According to MotorTrend, the newest iteration of FSD resolved many of those shortcomings. Testers said v14 showed far smoother behavior in complex urban scenarios, including unprotected left turns, traffic circles, emergency vehicles, and dense city streets. While the system still requires constant driver supervision, judges concluded that no other advanced driver-assistance system currently matches its breadth of capability.
Unlike rival systems that rely on combinations of cameras, radar, lidar, and mapped highways, Tesla’s FSD operates using a camera-only approach and is capable of driving on city streets, rural roads, and freeways. MotorTrend stated that pure utility, the ability to handle nearly all road types, ultimately separated FSD from competitors like Ford BlueCruise, GM Super Cruise, and BMW’s Highway Assistant.

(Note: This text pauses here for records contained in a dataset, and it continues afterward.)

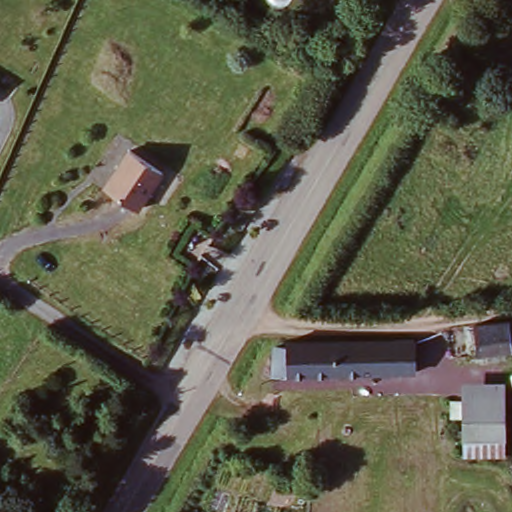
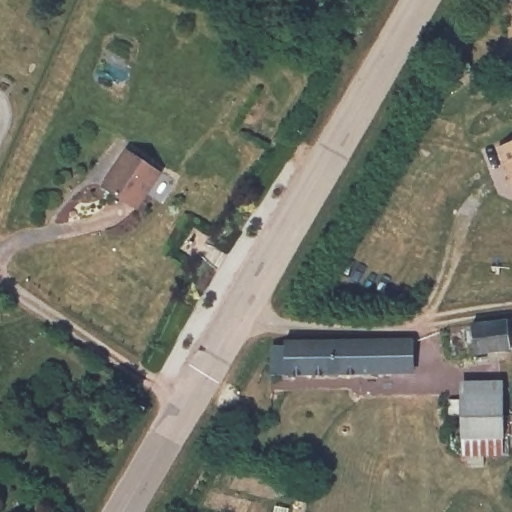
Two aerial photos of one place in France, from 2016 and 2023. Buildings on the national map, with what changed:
unchanged [(501,82),(512,59),(512,87),(501,82)]
new [(512,143),(512,178),(499,148),(512,143)]
unchanged [(161,171),(134,210),(103,187),(132,148),(161,171)]
unchanged [(512,322),(512,356),(463,361),(456,332),(512,322)]
unchanged [(275,357),(278,356),(279,347),(391,341),(411,340),(415,370),(393,372),(276,378),(275,357)]
unchanged [(508,380),(507,457),(462,459),(461,378),(508,380)]

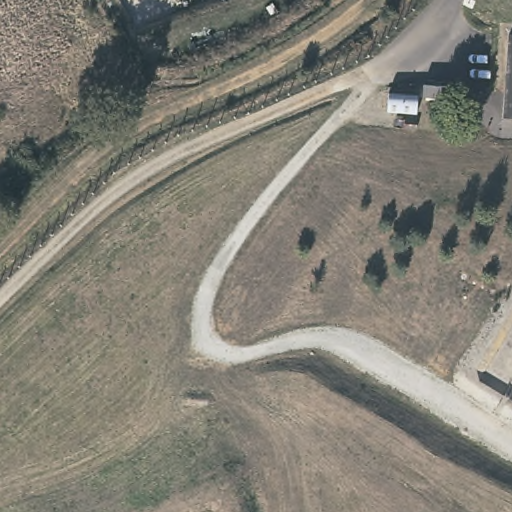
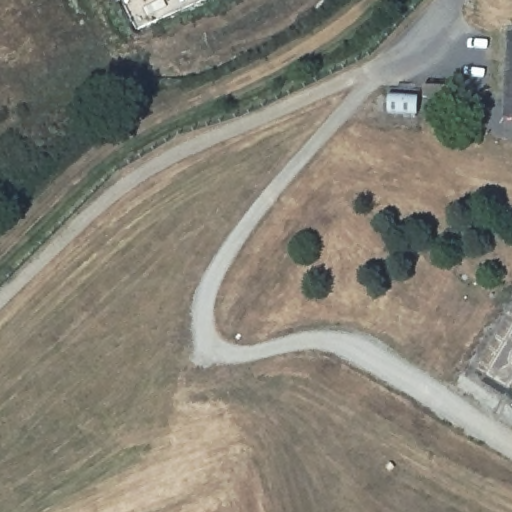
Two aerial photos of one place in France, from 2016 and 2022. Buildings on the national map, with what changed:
unchanged [(512,35),(512,122),(500,121),(504,34),(512,35)]

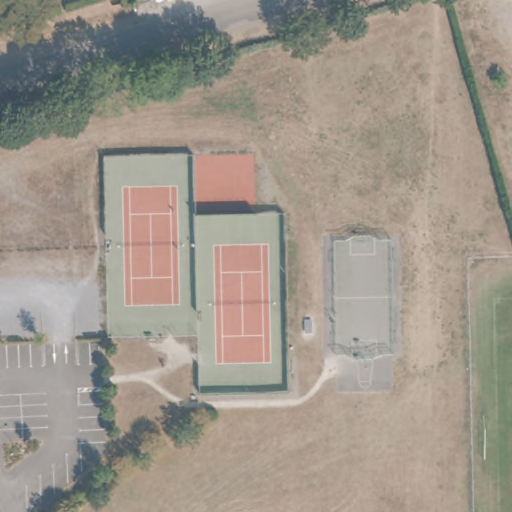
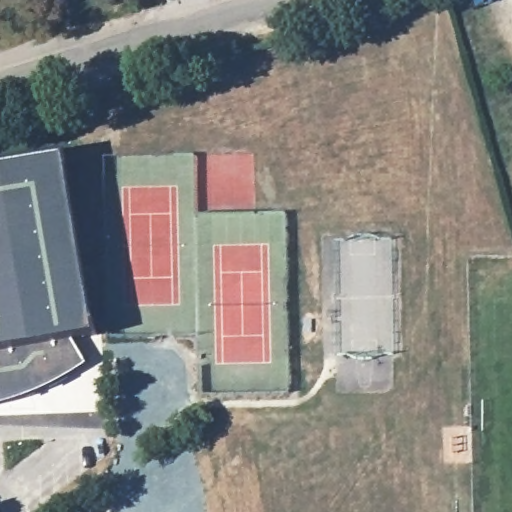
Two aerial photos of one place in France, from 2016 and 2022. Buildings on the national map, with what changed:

High cost and high capability
MotorTrend also addressed FSD’s pricing, which remains significantly higher than rival systems. Tesla currently charges $8,000 for a one-time purchase or $99 per month for a subscription, compared with far lower upfront and subscription costs from other automakers. The publication noted that the premium is justified given FSD’s unmatched scope and continuous software evolution.
Safety remained a central focus of the evaluation. While testers reported collision-free operation over thousands of miles, they noted ongoing concerns around FSD’s configurable driving modes, including options that allow aggressive driving and speeds beyond posted limits. MotorTrend emphasized that, like all Level 2 systems, FSD still depends on a fully attentive human driver at all times.
Despite those caveats, the publication concluded that Tesla’s rapid software progress fundamentally reshaped the competitive landscape. For drivers seeking the most capable hands-on driver-assistance system available today, MotorTrend concluded Tesla FSD (Supervised) now stands alone at the top.